If I translate the following sentence in DeepL from French to English…
La crise liée à la COVID-19 a creusé les inégalités préexistantes.
… I get the following translation:
The VIDOC-19 crisis has deepened pre-existing inequalities.
1- If I click the proposed word “VIDOC-19”, I can get other suggestions like “COVID-19”.
2- If I change the word “pre-existing” to say “already”, it changes the next part of the translation accordingly.
I understand that “1” can be done by word alignment and “2” can be done by something like lexical constraints. My question: is it possible to apply 1 and 2 with OpenNMT (either py or tf) without changing the code?
For autocompletion, the target prefix is fed in teacher forcing mode into the decoder. Then we simply continue decoding from there. It’s the same as GPT constrained generation for example.
For the alternatives, we also feed the prefix in teacher forcing mode and expand the next N most likely tokens. Then we continue the decoding for these N hypotheses independently. This approach could be improved to give more/better alternatives.
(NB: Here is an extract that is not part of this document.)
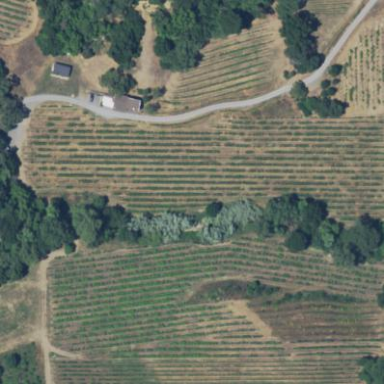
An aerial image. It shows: Vineyard growing grapes.
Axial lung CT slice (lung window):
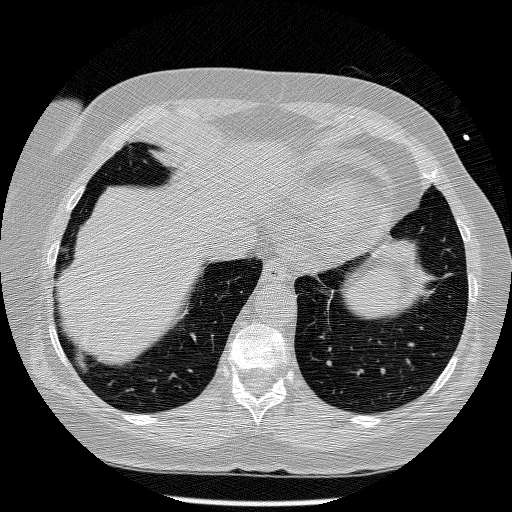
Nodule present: no

Many thanks again for your great help! This was really useful.
I noticed in DeepL, they offer word-level suggestions that might be two or three words instead of one, e.g. “has deepened”, “deepened”, “has increased”, “increased”, etc. This does not seem to me like just slicing the sentence-level translation alternative. I am thinking they might be using word alignment. I am just wondering if there is a logic that can be applied directly using OpenNMT/CTranslate during the decoding time, is there?
Actually the alternatives in CTranslate2 are not restricted to a single word. The current method just finishes the translation using different subtokens as starting points.
For example, let’s say that at a specific position the 2 most likely candidates are:
▁has
▁inc
then the translation could complete the translation like this:
▁has ▁inc reased .
▁inc reased .
So 1. is effectively a 2-word alternative, but of course CTranslate2 does not know what a word is. You should add this logic on top of the library and delimit where the alternative expressions end.
However, in your example there is something we are not doing currently which is to output multiple alternatives starting with the same word (e.g. “has”). The initial starting points are unique. But you could detect that words like “has” can produce other alternatives and then include “has” in the target prefix to get these alternatives.